The occurrences that match exactly the anchor’s value will store a special kind of null, to indicate it. Contrarily, in completely unmatched pairs, the current value is prefixed with a 0, which actually takes more space instead of saving.
After Prefix compression has been completed, Dictionary compression is applied. It searches for repeated values anywhere on the page, and stores them in the CI area. Unlike Prefix compression, it is not restricted to one column, so it can replace repeated values that occur anywhere on a page. The following image illustrates how Dictionary compression is applied.
Note that the value 4B has been referenced from different columns of the same page. For more details about Page compression check this page, or the awesome Bob Pusateri’s presentation on the 8KB conference here.
I’ve Learned So Much From My Mistakes…
Now, the fun part. Let’s consider the following table, containing the columns Id and ViewCount from the Posts table in the StackOverflow2010 database. Both are INT columns and considering the values they hold, it seems appropriate.
CREATE TABLE PostViews ( [PostId] INT NOT NULL, [ViewCount] INT NOT NULL, CONSTRAINT [PK_Id] PRIMARY KEY CLUSTERED([PostId]) ) INSERT INTO dbo.PostViews (PostId,ViewCount) SELECT Id,ViewCount FROM Posts
The table has 3 729 195 rows, which materialize in 63.1 MB and 62.7MB of reserved and actual data size, respectively.

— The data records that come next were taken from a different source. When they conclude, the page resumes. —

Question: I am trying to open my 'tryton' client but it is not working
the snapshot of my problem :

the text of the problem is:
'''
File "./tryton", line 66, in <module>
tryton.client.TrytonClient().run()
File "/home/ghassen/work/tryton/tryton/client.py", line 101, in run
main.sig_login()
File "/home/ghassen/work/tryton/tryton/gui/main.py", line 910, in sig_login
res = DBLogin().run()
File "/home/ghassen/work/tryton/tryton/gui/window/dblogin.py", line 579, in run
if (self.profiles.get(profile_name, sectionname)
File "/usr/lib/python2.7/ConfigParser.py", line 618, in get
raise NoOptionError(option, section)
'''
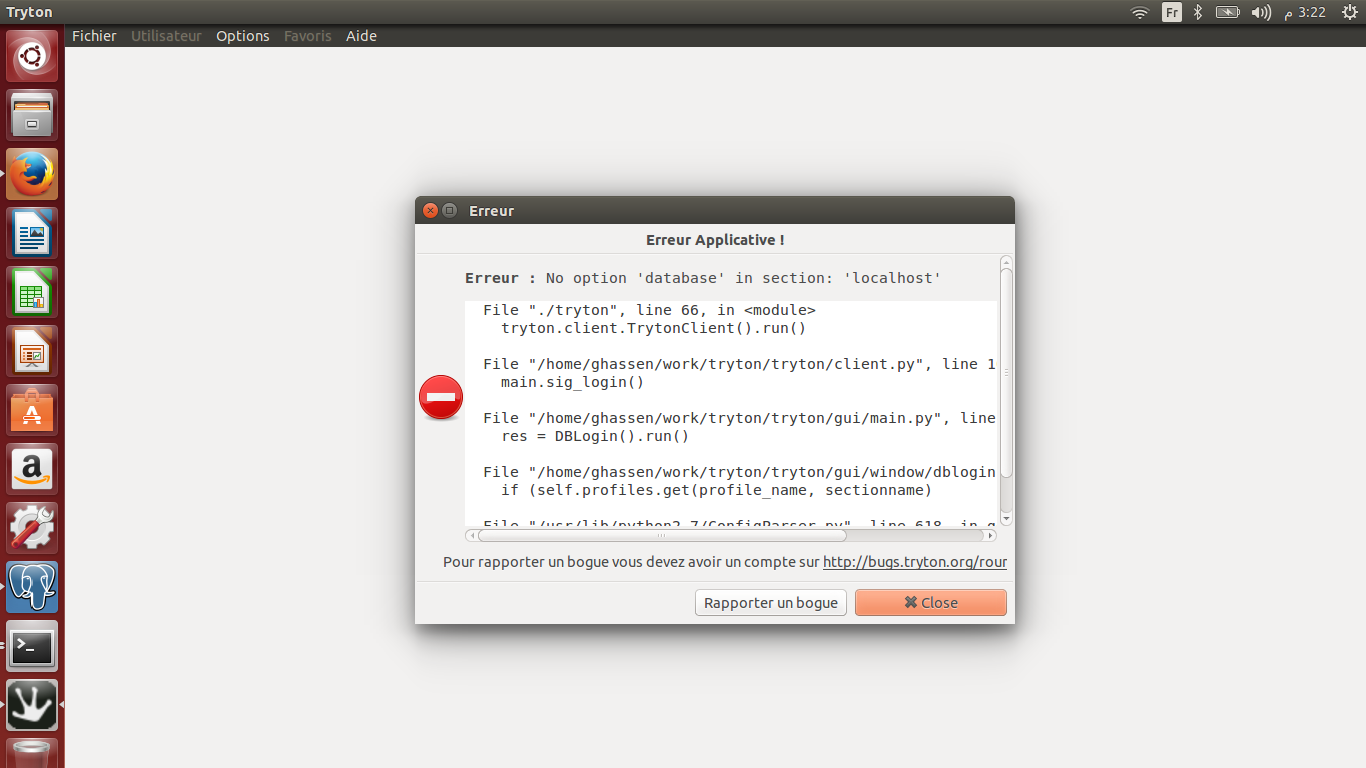
Answer: Tryton has a profile file where it saves the know connections, and from the error it seems that file is corrupted. You can find this file under ~/.config/tryton/x.y/profiles.cfg where x.y corresponds to you version number.
If you don't have any saved profile, you can remove this file and the client will recreate them when started another time.

…That I’m Thinking of Making a Few More
This time, we recreate the table changing the PostId and ViewCount to BIGINT, instead of INT. After inserting the exact same data, we can confirm the consequences of our choice:
The same 3 729 195 rows will now require 93MB.
Nolege Is Power
To test our hypothesis, we need to recreate our table with compression. We’ll enable Row compression, executing the following command:
ALTER TABLE PostViews REBUILD WITH (DATA_COMPRESSION = ROW);
By looking into the underlying data with the DBCC PAGE command, we’ll be able to notice the gains from compression.
Even though the bigint data type has a fixed length of 8 bytes, we can verify that the values 2290772 and 0 take only 3 and 0 bytes, respectively. This has a significant impact on the table size, as expected:
All our records fit in 40MB now, which is nearly one third less than the uncompressed table with the appropriate data types. If we compress that version of the table with the int columns, we’ll notice that the results are virtually the same. But now that we know the mechanisms behind compression, is easy to understand why.
As we saw, under certain circumstances, compression can successfully conceal bad design decisions, at least to some extent. But it’s important to stress that there are other punishments for those who live with poor data-type choices, that compression can’t fix. This is particularly true when we are not talking about mildly bad ideas like using bigint instead of int and start talking about scarier patterns like #WeAreAllVarchar. So, despite this being a valid approach for cases where can’t change columns data types, compression should not be used as a enabler for lazy and bad design decisions.